In a gravitational field potential V at a point, P is defined as the negative of work done per unit mass in changing the position of a test mass from some reference point to the given point.

Note-usually reference point is taken as infinity and potential at infinity is taken as Zero.

We know that $W=\int \overrightarrow{F}\cdot \overrightarrow{dr}$
${}^{\text{So }}V=-\frac{W}{m}=-\int \frac{\overrightarrow{F}\cdot \overrightarrow{dr}}{m}$
And $\overrightarrow{I}=\frac{\overrightarrow{F}}{m}$
$V=-\int \overrightarrow{I}\cdot \overrightarrow{dr}$
$V\to$ Gravitational potential
$I\to$ Field Intensity
$dr\to$ small distance
We can also write $I=-\frac{dV}{dr}$

This means a negative gradient of potential gives the intensity of the field.

The negative sign indicates that in the direction of intensity, the potential decreases.

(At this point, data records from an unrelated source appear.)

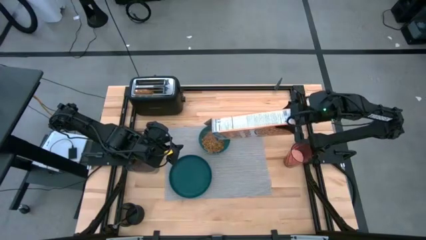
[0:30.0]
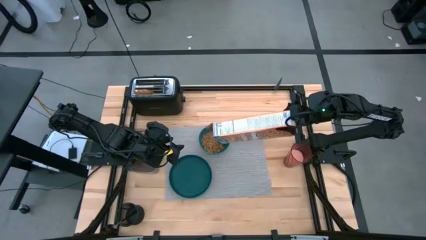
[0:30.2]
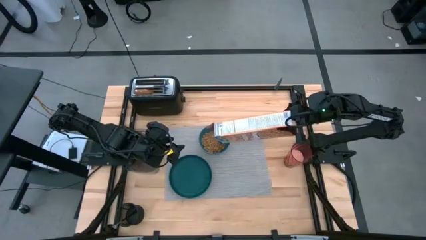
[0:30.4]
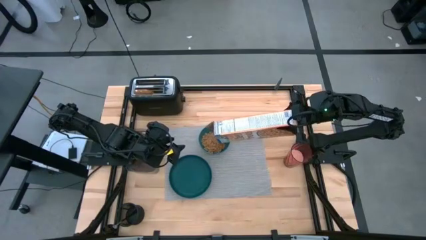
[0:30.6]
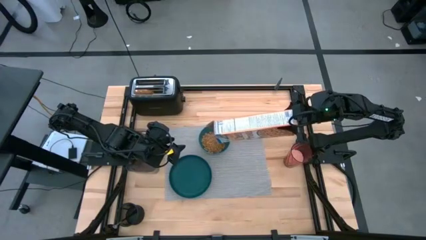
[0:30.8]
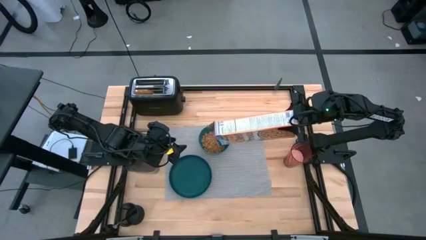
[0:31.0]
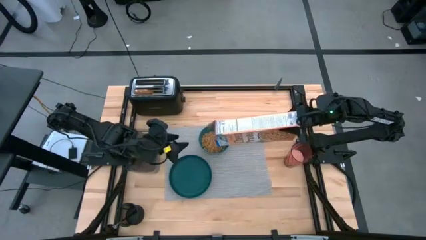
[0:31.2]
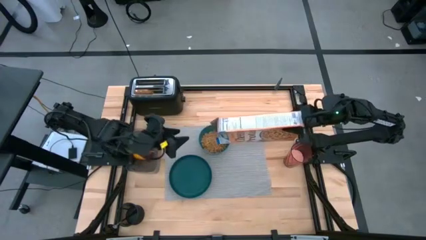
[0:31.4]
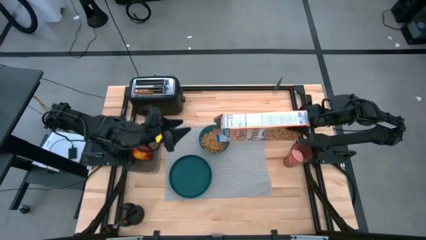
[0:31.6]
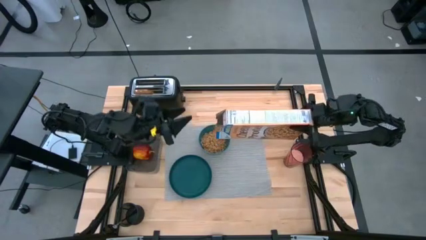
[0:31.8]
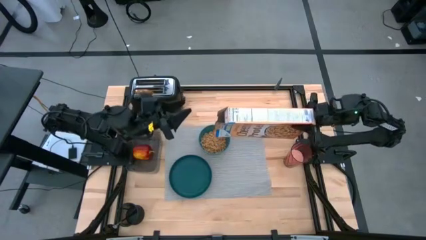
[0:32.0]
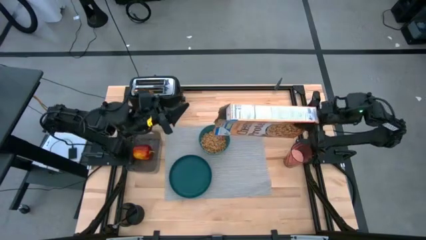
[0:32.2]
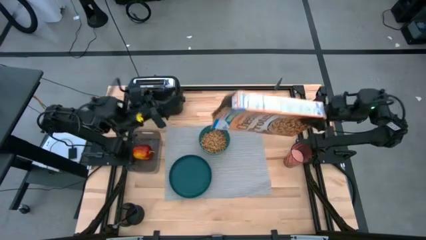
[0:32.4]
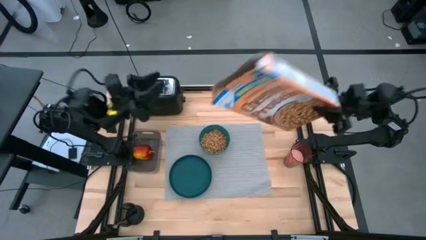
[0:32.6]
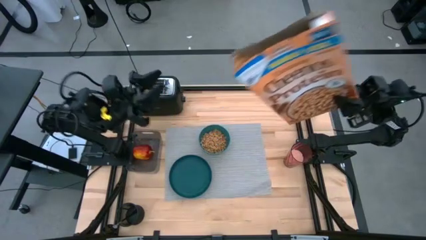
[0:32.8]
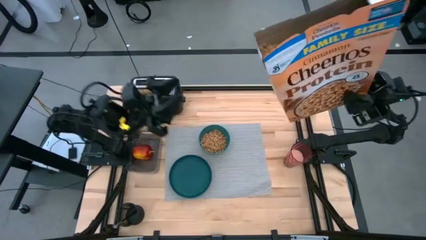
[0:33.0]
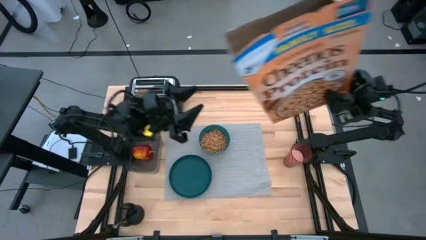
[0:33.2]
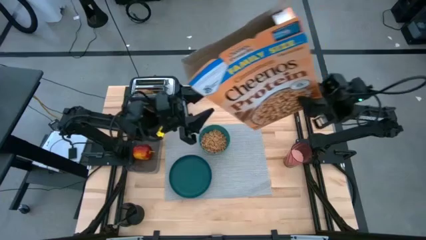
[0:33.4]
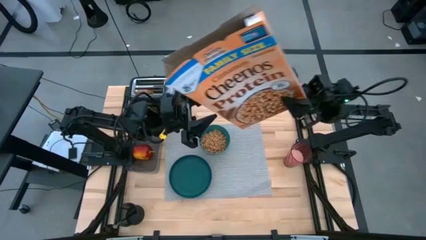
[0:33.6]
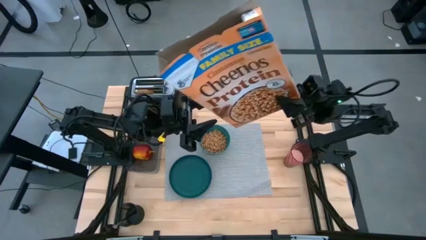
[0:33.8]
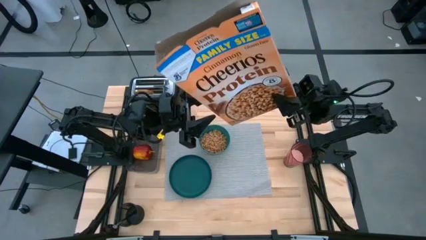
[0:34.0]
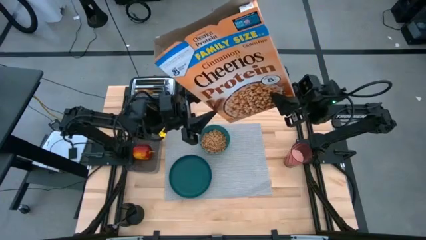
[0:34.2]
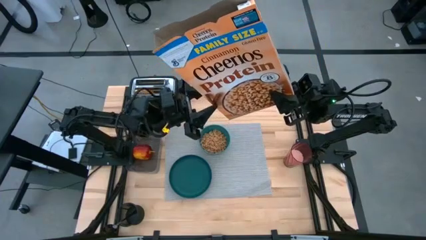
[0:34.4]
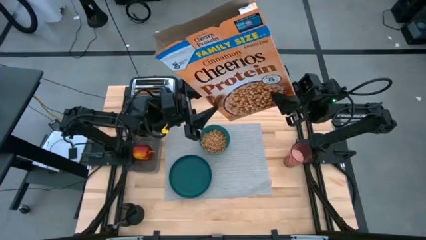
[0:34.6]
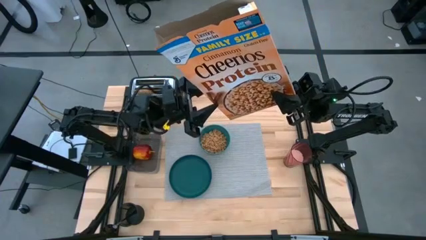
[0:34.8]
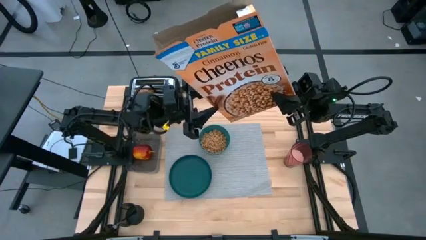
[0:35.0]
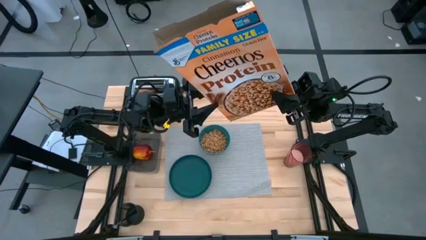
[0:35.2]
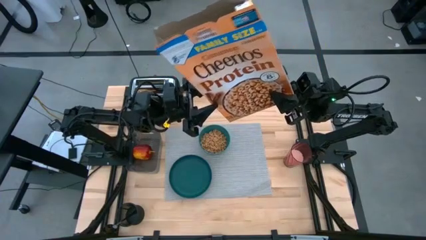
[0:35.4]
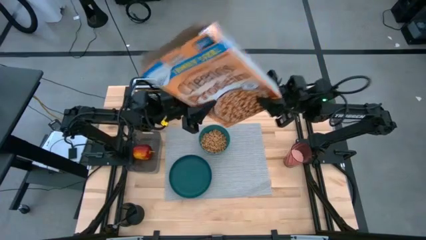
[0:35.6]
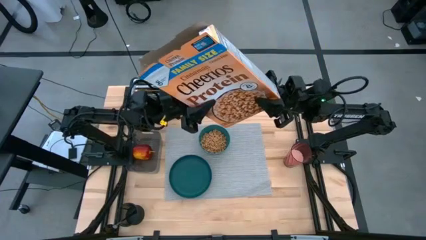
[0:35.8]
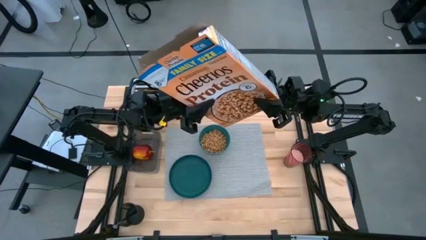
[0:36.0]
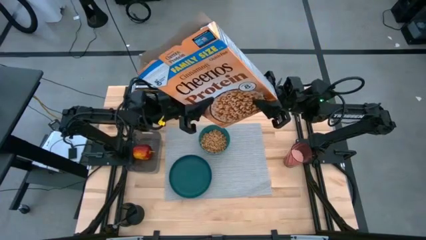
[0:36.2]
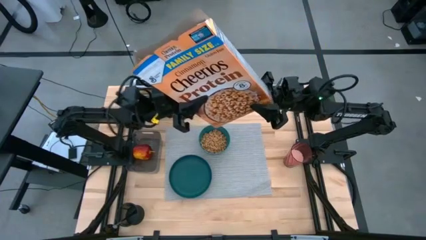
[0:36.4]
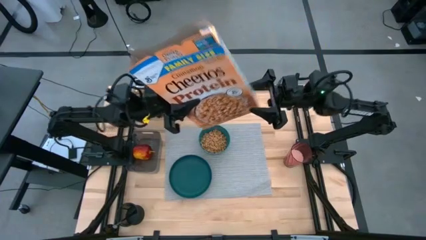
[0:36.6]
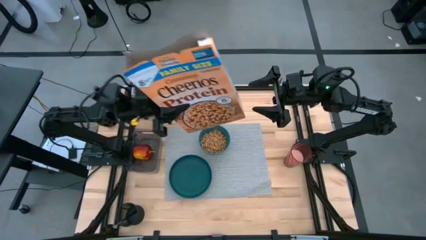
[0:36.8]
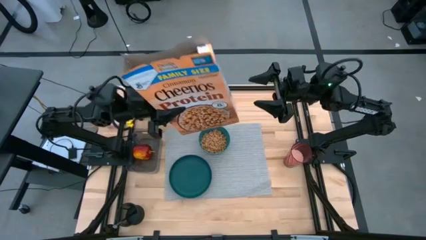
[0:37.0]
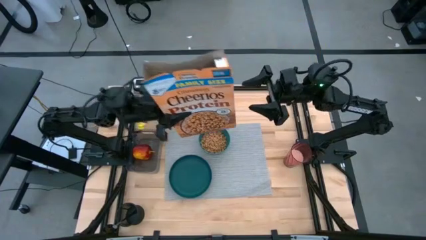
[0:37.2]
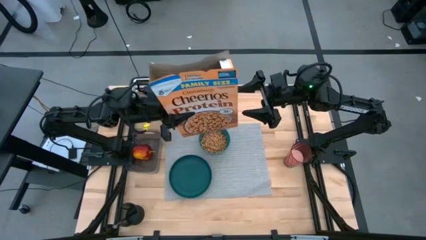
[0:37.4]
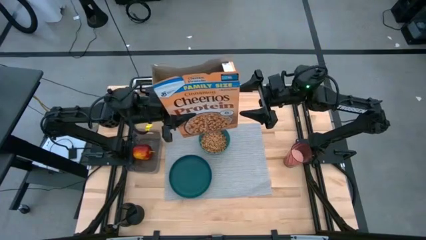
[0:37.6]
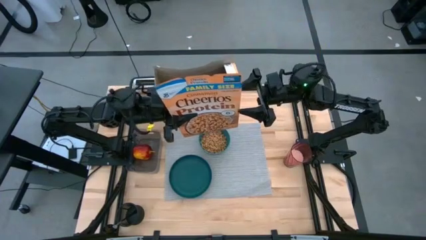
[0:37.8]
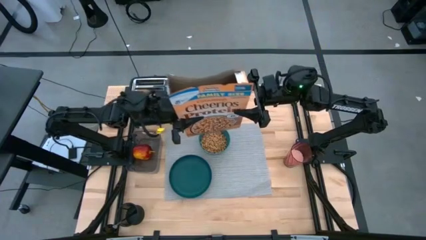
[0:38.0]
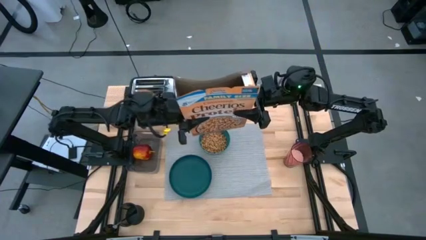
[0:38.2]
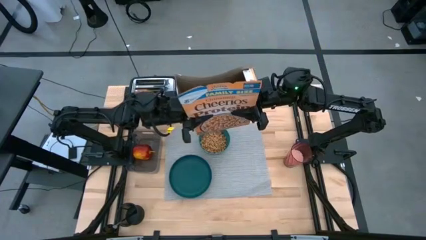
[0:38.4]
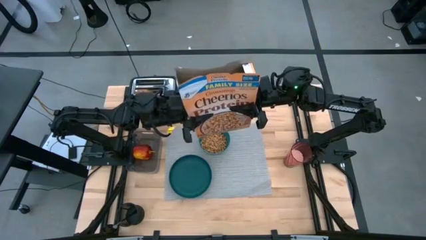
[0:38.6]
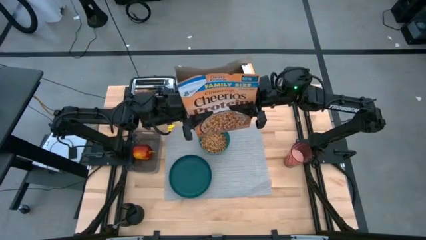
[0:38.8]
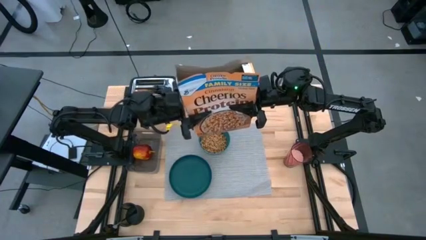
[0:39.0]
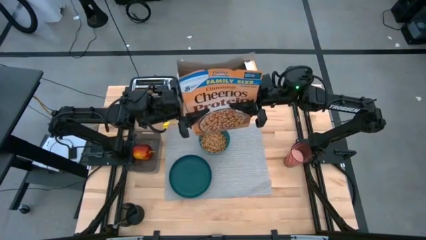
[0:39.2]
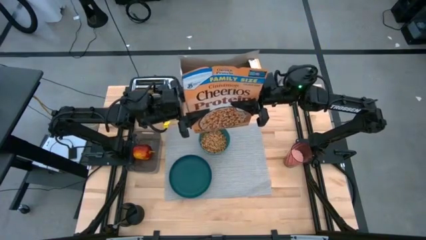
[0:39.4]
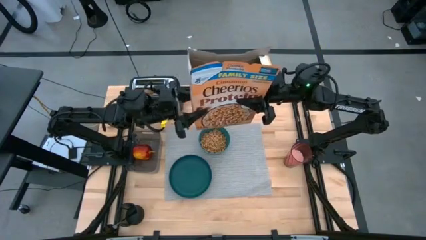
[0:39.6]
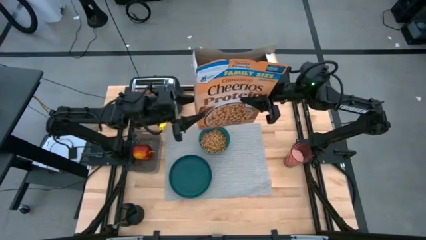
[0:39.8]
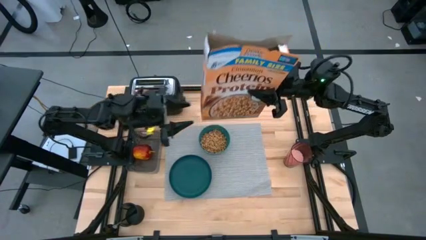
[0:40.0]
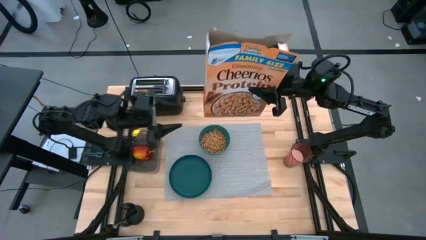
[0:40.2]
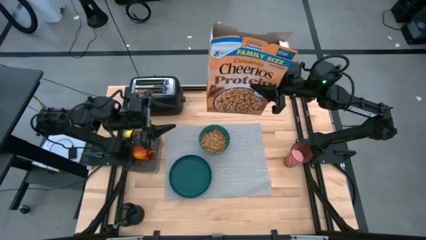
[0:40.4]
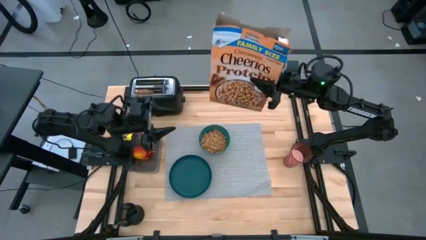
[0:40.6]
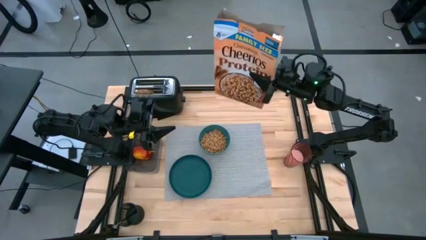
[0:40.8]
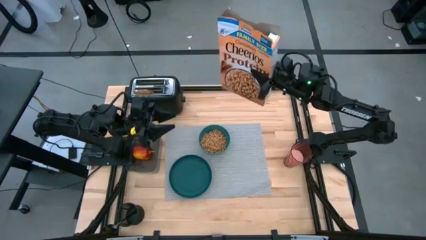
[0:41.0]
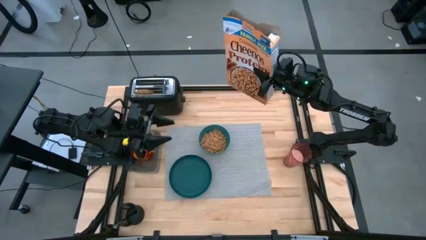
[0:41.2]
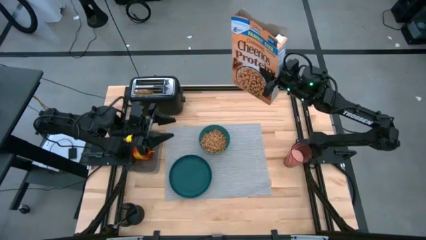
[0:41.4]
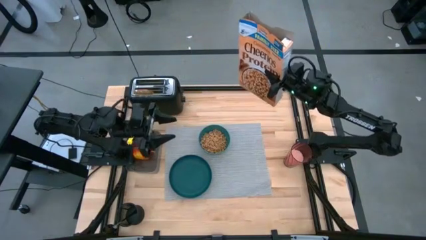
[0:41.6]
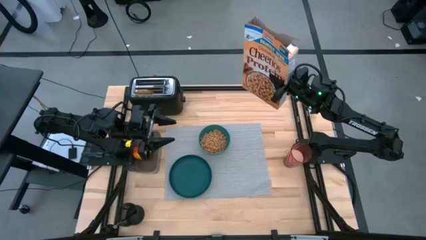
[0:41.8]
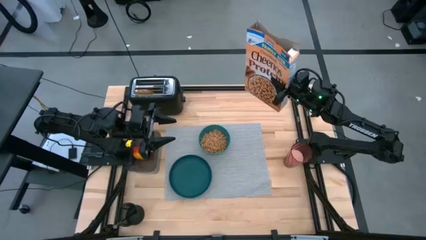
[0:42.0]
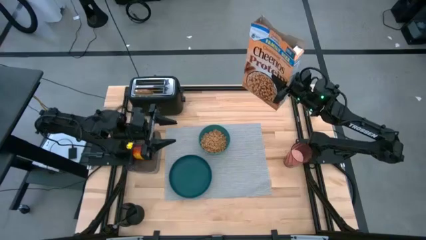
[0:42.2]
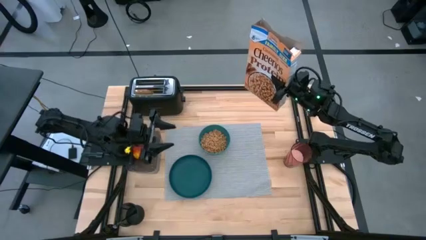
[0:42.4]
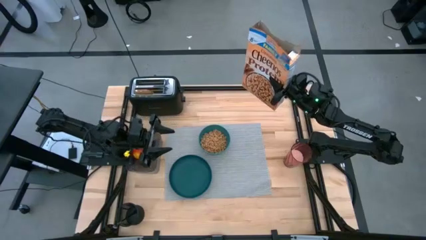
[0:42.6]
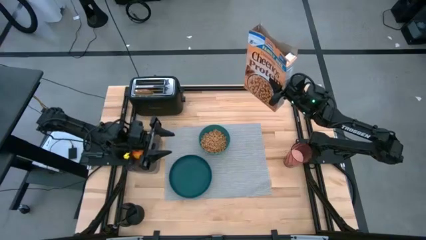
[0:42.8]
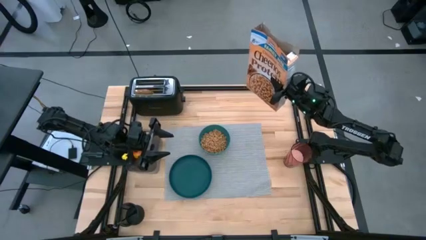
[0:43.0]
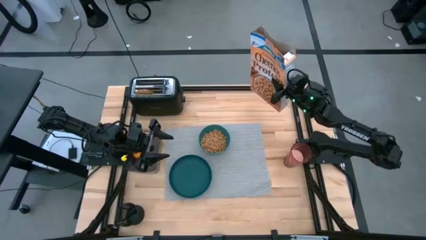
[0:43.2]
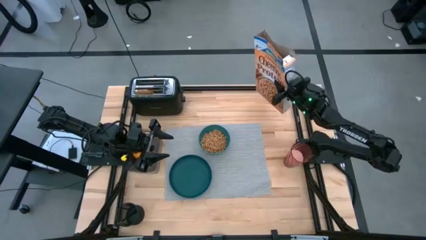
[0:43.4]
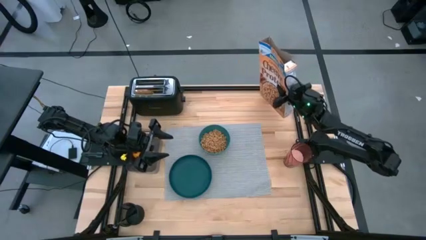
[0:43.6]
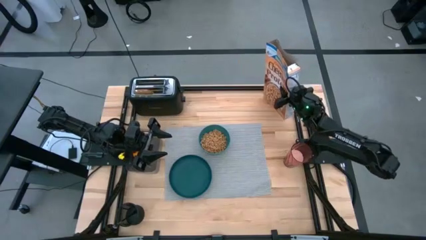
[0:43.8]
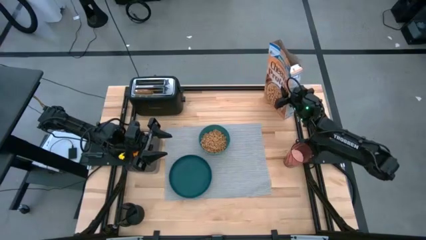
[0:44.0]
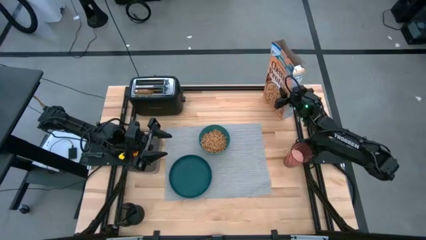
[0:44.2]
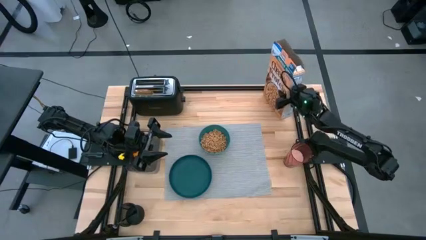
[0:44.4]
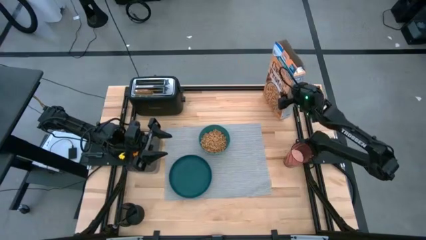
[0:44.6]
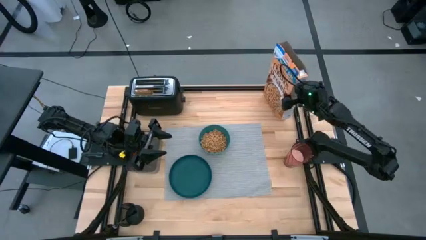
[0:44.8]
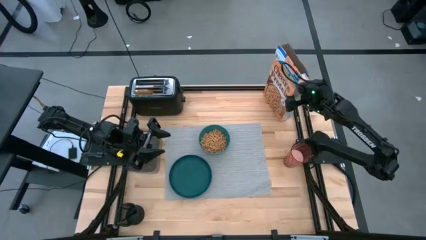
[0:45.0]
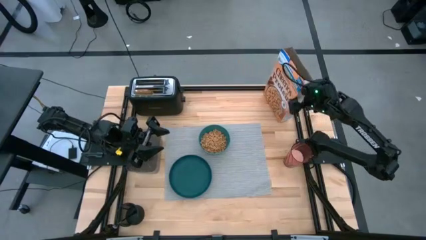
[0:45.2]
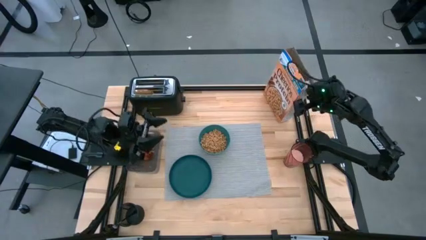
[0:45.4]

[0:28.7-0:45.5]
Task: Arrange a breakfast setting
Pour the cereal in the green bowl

• It is a scalar quantity.

Unit $\to$ Joule $/\mathrm{kg}$ or ${\mathrm{m}}^2/{\sec }^2$
Dimension : $\left[M^0{L}^2{T}^{-2}\right]$

• Gravitational Potential at a distance 'r'

If the field is produced by a point mass then 

$\begin{array}{rl}& I=\frac{GM}{r^2}\\ & V=-\int \overrightarrow{I}\cdot \overrightarrow{dr}\\ & \text{ So }\\ & V=-\frac{GM}{r}\\ & \text{ at }r=\mathrm{\infty }V=0=V_{max}\end{array}$

• Gravitational Potential difference

In the gravitational field, the work done to move a unit mass from one position to the other is known as Gravitational Potential difference.

            If the point mass M is producing the field

Points A and B are shown in the figure.

$V_A=$ Gravitational potential at point A
$V_B=$ Gravitational potential at point B

$r_B\to$ the distance of mass at $B$
$r_A\to$ distance of mass at $A$
$\mathrm{\Delta }V=$ The gravitational potential difference in bringing mass m from point A to point B in the gravitational field produced by M .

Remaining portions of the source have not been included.